Implementation:Dotnet Machinelearning LdaEngine
| Knowledge Sources | |
|---|---|
| Domains | Topic_Modeling, NLP, Machine_Learning |
| Last Updated | 2026-02-09 12:00 GMT |
Overview
LdaEngine is the top-level native C++ class that orchestrates the entire Latent Dirichlet Allocation pipeline, including data ingestion, multi-threaded collapsed Gibbs sampling for training and inference, model serialization, and log-likelihood evaluation.
Description
The LdaEngine class lives in the lda namespace and serves as the single entry point for the ML.NET LDA implementation. It manages the complete lifecycle of topic model training and inference:
- Data management: Accepts sparse or dense document-term data through FeedInData() and FeedInDataDense(), storing it in an internal LDADataBlock.

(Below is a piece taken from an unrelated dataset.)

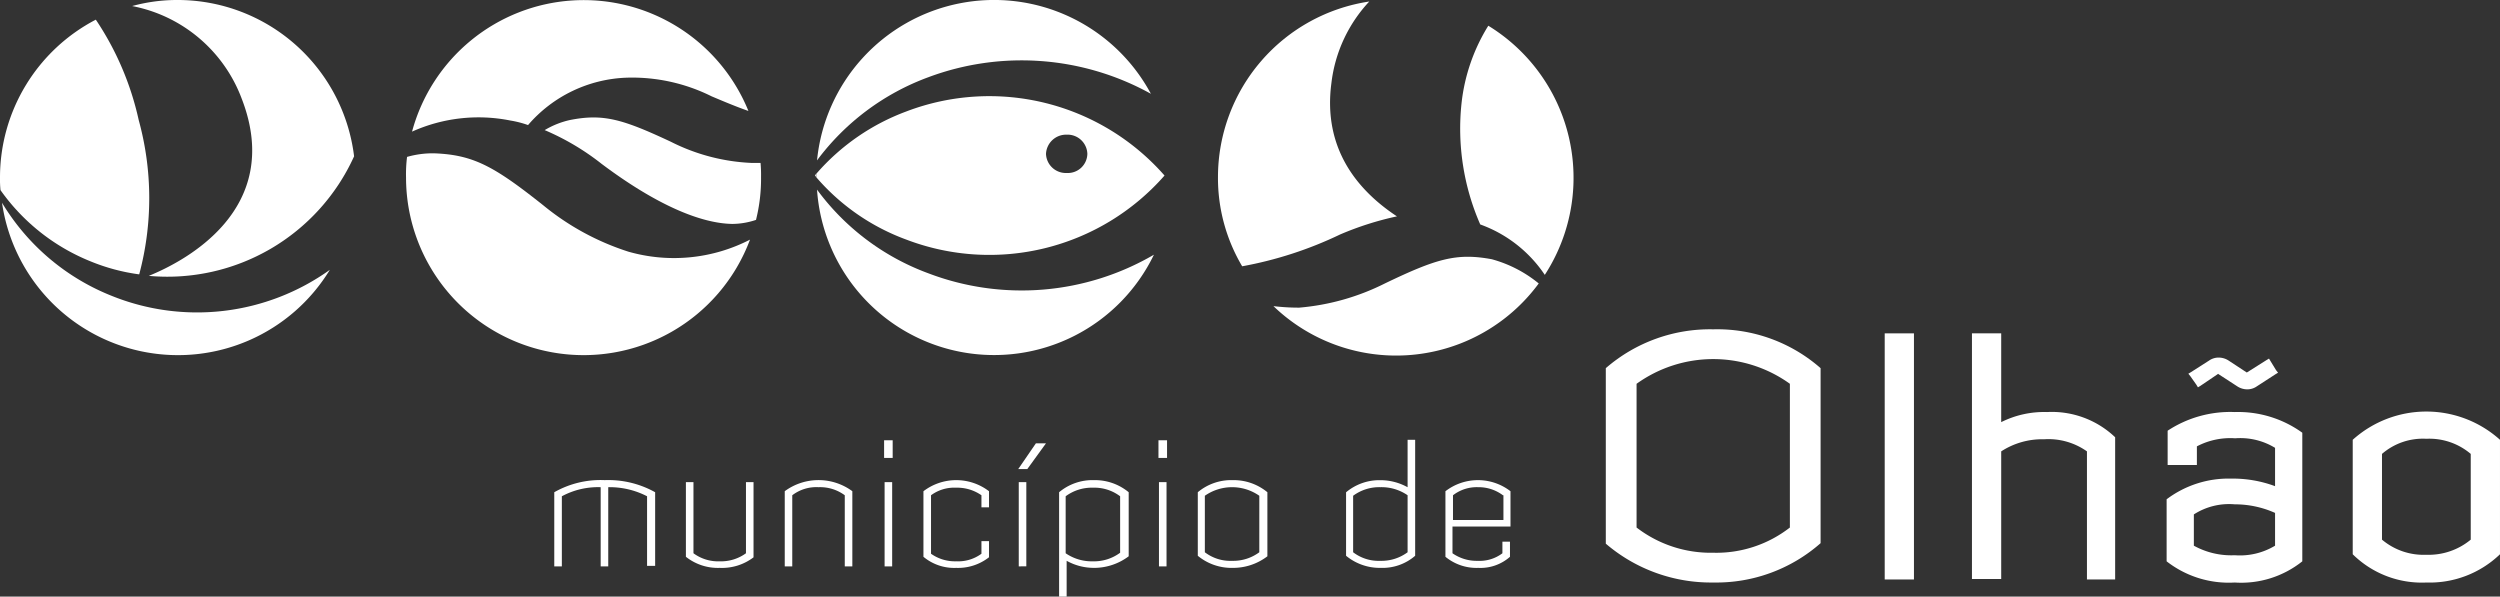<svg xmlns="http://www.w3.org/2000/svg" width="209.51" height="50" viewBox="0 0 209.51 50"><rect x="0" y="0" width="209.51" height="50" fill="#333333" stroke="none"/><defs><style>.a{fill:#fff;}</style></defs><path class="a" d="M99.139,38.631A21.629,21.629,0,0,1,92,34.742c-4.1-3.254-5.833-4.227-9.129-4.353a7.864,7.864,0,0,0-2.282.3,11.613,11.613,0,0,0-.085,1.733,14.882,14.882,0,0,0,28.825,5.2A13.9,13.9,0,0,1,99.139,38.631Z" transform="translate(-46.476 -17.54)"/><path class="a" d="M261.841,53.147a19.667,19.667,0,0,1-7.185,2.029,17.906,17.906,0,0,1-2.156-.127,14.834,14.834,0,0,0,22.232-1.9,10.611,10.611,0,0,0-3.931-2.029C267.842,50.569,266.152,51.076,261.841,53.147Z" transform="translate(-145.78 -29.394)"/><path class="a" d="M171.341,44.616A20.269,20.269,0,0,1,162,37.6a14.872,14.872,0,0,0,28.233,5.452A21.979,21.979,0,0,1,171.341,44.616Z" transform="translate(-93.53 -21.708)"/><path class="a" d="M161.6,34.569c.042.042.085.127.127.169V34.4A.583.583,0,0,0,161.6,34.569Z" transform="translate(-93.299 -19.861)"/><path class="a" d="M9.529,47.977A18.836,18.836,0,0,1,.4,40.2a14.9,14.9,0,0,0,27.473,5.621A19.118,19.118,0,0,1,9.529,47.977Z" transform="translate(-0.231 -23.209)"/><path class="a" d="M99.705,6.509a14.935,14.935,0,0,1,7.1,1.564c1.1.465,2.113.888,3.085,1.226A14.9,14.9,0,0,0,81.7,11.031a13.579,13.579,0,0,1,8.242-.93,8.434,8.434,0,0,1,1.479.38A11.421,11.421,0,0,1,99.705,6.509Z" transform="translate(-47.169)"/><path class="a" d="M118.566,25.323c-4.057-1.9-5.664-2.367-8.453-1.817a7.116,7.116,0,0,0-2.113.845,20.865,20.865,0,0,1,4.776,2.832c4.565,3.423,8.284,4.987,10.947,5.03a6.323,6.323,0,0,0,1.986-.338,14.185,14.185,0,0,0,.423-3.593,11.074,11.074,0,0,0-.042-1.183h-.8A16.531,16.531,0,0,1,118.566,25.323Z" transform="translate(-62.353 -13.447)"/><path class="a" d="M256.5,18.305c-3.339-2.2-6.213-5.706-5.495-11.158A12.058,12.058,0,0,1,254.18.3,14.883,14.883,0,0,0,241.5,15.008a14.48,14.48,0,0,0,2.029,7.481,32.331,32.331,0,0,0,8.2-2.663A25.881,25.881,0,0,1,256.5,18.305Z" transform="translate(-139.429 -0.173)"/><path class="a" d="M291.886,5.1a15.472,15.472,0,0,0-2.24,6.467,20.029,20.029,0,0,0,1.564,10.186,10.991,10.991,0,0,1,5.41,4.227A14.94,14.94,0,0,0,291.886,5.1Z" transform="translate(-167.16 -2.944)"/><path class="a" d="M171.341,6.467A22.341,22.341,0,0,1,189.98,7.861,14.912,14.912,0,0,0,162,13.44,20.412,20.412,0,0,1,171.341,6.467Z" transform="translate(-93.53)"/><path class="a" d="M182.864,25.528a1.663,1.663,0,0,1-1.733-1.606,1.69,1.69,0,0,1,1.733-1.606,1.663,1.663,0,0,1,1.733,1.606A1.638,1.638,0,0,1,182.864,25.528Zm-13.44-5.156a18.511,18.511,0,0,0-7.523,5.2v.338a18.231,18.231,0,0,0,7.523,5.2,19.524,19.524,0,0,0,21.64-5.368A19.524,19.524,0,0,0,169.423,20.372Z" transform="translate(-93.472 -11.031)"/><path class="a" d="M7.566,24.145a16.408,16.408,0,0,0,4.1,1.1,24.681,24.681,0,0,0-.042-12.933A24.559,24.559,0,0,0,8.03,3.9,14.912,14.912,0,0,0,0,17.129a8.834,8.834,0,0,0,.042,1.057A17.023,17.023,0,0,0,7.566,24.145Z" transform="translate(0 -2.252)"/><path class="a" d="M35.372,8.242c3.635,9.341-4.861,13.694-7.777,14.877A17.181,17.181,0,0,0,44.8,13.1,14.9,14.9,0,0,0,30,0a14.238,14.238,0,0,0-3.8.507A12.291,12.291,0,0,1,35.372,8.242Z" transform="translate(-15.126)"/><path class="a" d="M117.677,102.427V96.552a6.842,6.842,0,0,0-3.254-.761v6.636h-.634V95.792a6.381,6.381,0,0,0-3.254.761v5.875H109.9V96.214a7.838,7.838,0,0,1,4.227-1.014,8.034,8.034,0,0,1,4.227,1.014v6.171h-.676Z" transform="translate(-63.45 -54.963)"/><path class="a" d="M138.832,102.785a4.313,4.313,0,0,1-2.832-.93V95.6h.634v5.959a3.474,3.474,0,0,0,2.2.676,3.553,3.553,0,0,0,2.2-.676V95.6h.634v6.3A4.361,4.361,0,0,1,138.832,102.785Z" transform="translate(-78.519 -55.194)"/><path class="a" d="M160.63,102.427V96.468a3.474,3.474,0,0,0-2.2-.676,3.306,3.306,0,0,0-2.2.676v5.959H155.6v-6.3a4.777,4.777,0,0,1,5.664,0v6.3Z" transform="translate(-89.835 -54.963)"/><path class="a" d="M175.342,97.866V90.808h.634v7.058Zm-.042-9.087V87.3h.719v1.479Z" transform="translate(-101.209 -50.402)"/><path class="a" d="M185.847,102.554a4.02,4.02,0,0,1-2.747-.93V96.13a4.523,4.523,0,0,1,5.495,0v1.352h-.634V96.468a3.542,3.542,0,0,0-2.113-.634,3.275,3.275,0,0,0-2.113.634v4.9a3.459,3.459,0,0,0,2.113.634,3.275,3.275,0,0,0,2.113-.634v-1.057h.634v1.352A4.206,4.206,0,0,1,185.847,102.554Z" transform="translate(-105.712 -54.963)"/><path class="a" d="M201.942,98.213V91.154h.634v7.058Zm.719-8.157H201.9l1.479-2.156h.845Z" transform="translate(-116.566 -50.749)"/><path class="a" d="M215.114,96.552a3.589,3.589,0,0,0-2.282-.719,3.67,3.67,0,0,0-2.282.719v4.776a3.847,3.847,0,0,0,2.282.676,3.67,3.67,0,0,0,2.282-.719Zm-2.2,6a4.672,4.672,0,0,1-2.282-.592v3H210V96.214a4.357,4.357,0,0,1,2.916-1.014,4.438,4.438,0,0,1,2.916,1.014v5.368A4.839,4.839,0,0,1,212.916,102.554Z" transform="translate(-121.243 -54.963)"/><path class="a" d="M229.742,97.866V90.808h.634v7.058Zm-.042-9.087V87.3h.719v1.479Z" transform="translate(-132.616 -50.402)"/><path class="a" d="M242.656,96.51a3.984,3.984,0,0,0-4.565,0v4.734a3.511,3.511,0,0,0,2.282.719,3.67,3.67,0,0,0,2.282-.719Zm-2.24,6.044a4.438,4.438,0,0,1-2.916-1.014V96.214a4.357,4.357,0,0,1,2.916-1.014,4.438,4.438,0,0,1,2.916,1.014v5.368A4.741,4.741,0,0,1,240.416,102.554Z" transform="translate(-137.12 -54.963)"/><path class="a" d="M272.056,91.849a3.847,3.847,0,0,0-2.282-.676,3.671,3.671,0,0,0-2.282.719v4.734a3.511,3.511,0,0,0,2.282.719,3.67,3.67,0,0,0,2.282-.719Zm-2.24,6.086a4.438,4.438,0,0,1-2.916-1.014V91.6a4.343,4.343,0,0,1,2.874-1.014,4.672,4.672,0,0,1,2.282.592V87.2h.634v9.721A4.166,4.166,0,0,1,269.816,97.935Z" transform="translate(-154.094 -50.345)"/><path class="a" d="M291.418,96.468a3.377,3.377,0,0,0-2.071-.676,3.243,3.243,0,0,0-2.113.676v2.071h4.227V96.468Zm-2.071,6.086a4.091,4.091,0,0,1-2.747-.93V96.13a4.461,4.461,0,0,1,5.452,0v2.959h-4.861v2.24a3.542,3.542,0,0,0,2.113.634,3.162,3.162,0,0,0,2.071-.634v-.972h.634v1.268A3.74,3.74,0,0,1,289.347,102.554Z" transform="translate(-165.467 -54.963)"/><path class="a" d="M333.827,69.865a11,11,0,0,0-12.849,0V81.91a10.193,10.193,0,0,0,6.424,2.113,10.033,10.033,0,0,0,6.424-2.113ZM327.4,86.517a13.552,13.552,0,0,1-9-3.254V68.554a13.319,13.319,0,0,1,9-3.254,13.134,13.134,0,0,1,9,3.254V83.221A13.224,13.224,0,0,1,327.4,86.517Z" transform="translate(-183.827 -37.701)"/><rect class="a" width="2.451" height="20.626" transform="translate(157.946 27.937)"/><path class="a" d="M400.637,86.683V75.99a5.581,5.581,0,0,0-3.593-1.014,6.293,6.293,0,0,0-3.593,1.014V86.683H391V66.1h2.451v7.439a8.057,8.057,0,0,1,3.846-.845A7.686,7.686,0,0,1,403,74.807V86.726h-2.367Z" transform="translate(-225.742 -38.163)"/><path class="a" d="M438.687,90.153a8.234,8.234,0,0,0-3.381-.719,5.448,5.448,0,0,0-3.424.845V92.9a6.47,6.47,0,0,0,3.424.8,5.706,5.706,0,0,0,3.381-.8Zm-3.381,5.833a8.466,8.466,0,0,1-5.706-1.775v-5.2a8.625,8.625,0,0,1,5.41-1.733,10.171,10.171,0,0,1,3.677.634V84.7a5.594,5.594,0,0,0-3.339-.8,6.014,6.014,0,0,0-3.212.676v1.564h-2.451V83.264a9.54,9.54,0,0,1,5.621-1.564,9.2,9.2,0,0,1,5.664,1.733V94.211A8.2,8.2,0,0,1,435.306,95.986Z" transform="translate(-248.028 -47.169)"/><path class="a" d="M476.39,85.15a5.36,5.36,0,0,0-3.719-1.268,5.241,5.241,0,0,0-3.719,1.268v7.185a5.4,5.4,0,0,0,3.719,1.268,5.521,5.521,0,0,0,3.719-1.268Zm-3.719,10.778a8.24,8.24,0,0,1-6.171-2.367V83.967a9.227,9.227,0,0,1,12.341,0v9.594A8.5,8.5,0,0,1,472.671,95.928Z" transform="translate(-269.332 -47.111)"/><path class="a" d="M441.254,71.957l-.465-.761-.127-.211-.211.127-1.606,1.014c-.085.042-.085,0-.085,0l-1.479-.972a1.524,1.524,0,0,0-.845-.254,1.391,1.391,0,0,0-.8.254l-1.522.972-.211.127.169.211.507.719.127.211.211-.127,1.437-.972c.042-.042.042-.042.085,0L438,73.309a1.524,1.524,0,0,0,.845.254,1.391,1.391,0,0,0,.8-.254l1.564-1.014.211-.127Z" transform="translate(-250.51 -40.934)"/></svg>

- Model management: Allocates and manages the word-topic count matrix via LDAModelBlock, supporting three overloads of AllocateModelMemory() for different initialization scenarios (from data block, from nonzero count, or from explicit memory sizes).
- Multi-threaded training: The Train() method spawns num_threads_ worker threads, each executing Training_Thread(). Each iteration involves: (1) building alias tables for the beta smoothing term and per-word distributions, (2) sampling all documents in the thread's partition via LightDocSampler::SampleOneDoc(), and (3) synchronizing word-topic deltas across threads using a barrier and mutex-protected global summary update.
- Multi-threaded testing: The Test() method similarly spawns threads running Testing_Thread(), performing burn-in iterations of inference using LightDocSampler::InferOneDoc() while computing per-iteration log-likelihood.
- Single-document inference: TestOneDoc() and TestOneDocDense() provide thread-safe single-document inference by drawing samplers from a CBlockedIntQueue, enabling concurrent calls from multiple C# threads.
- Thread affinity: Training and testing threads set CPU affinity masks (platform-specific: Windows SetThreadAffinityMask, macOS THREAD_AFFINITY_POLICY, Linux sched_setaffinity) for improved cache locality.
- Alpha adaptation: SetAlphaSum() multiplies the per-topic alpha by average document length, while LightDocSampler::AdaptAlphaSum() adjusts alpha between training (minimum 100) and inference (maximum 1) regimes.
- Log-likelihood evaluation: EvalLogLikelihood() computes the complete data log-likelihood by summing document-topic, word-topic, and normalization terms across threads.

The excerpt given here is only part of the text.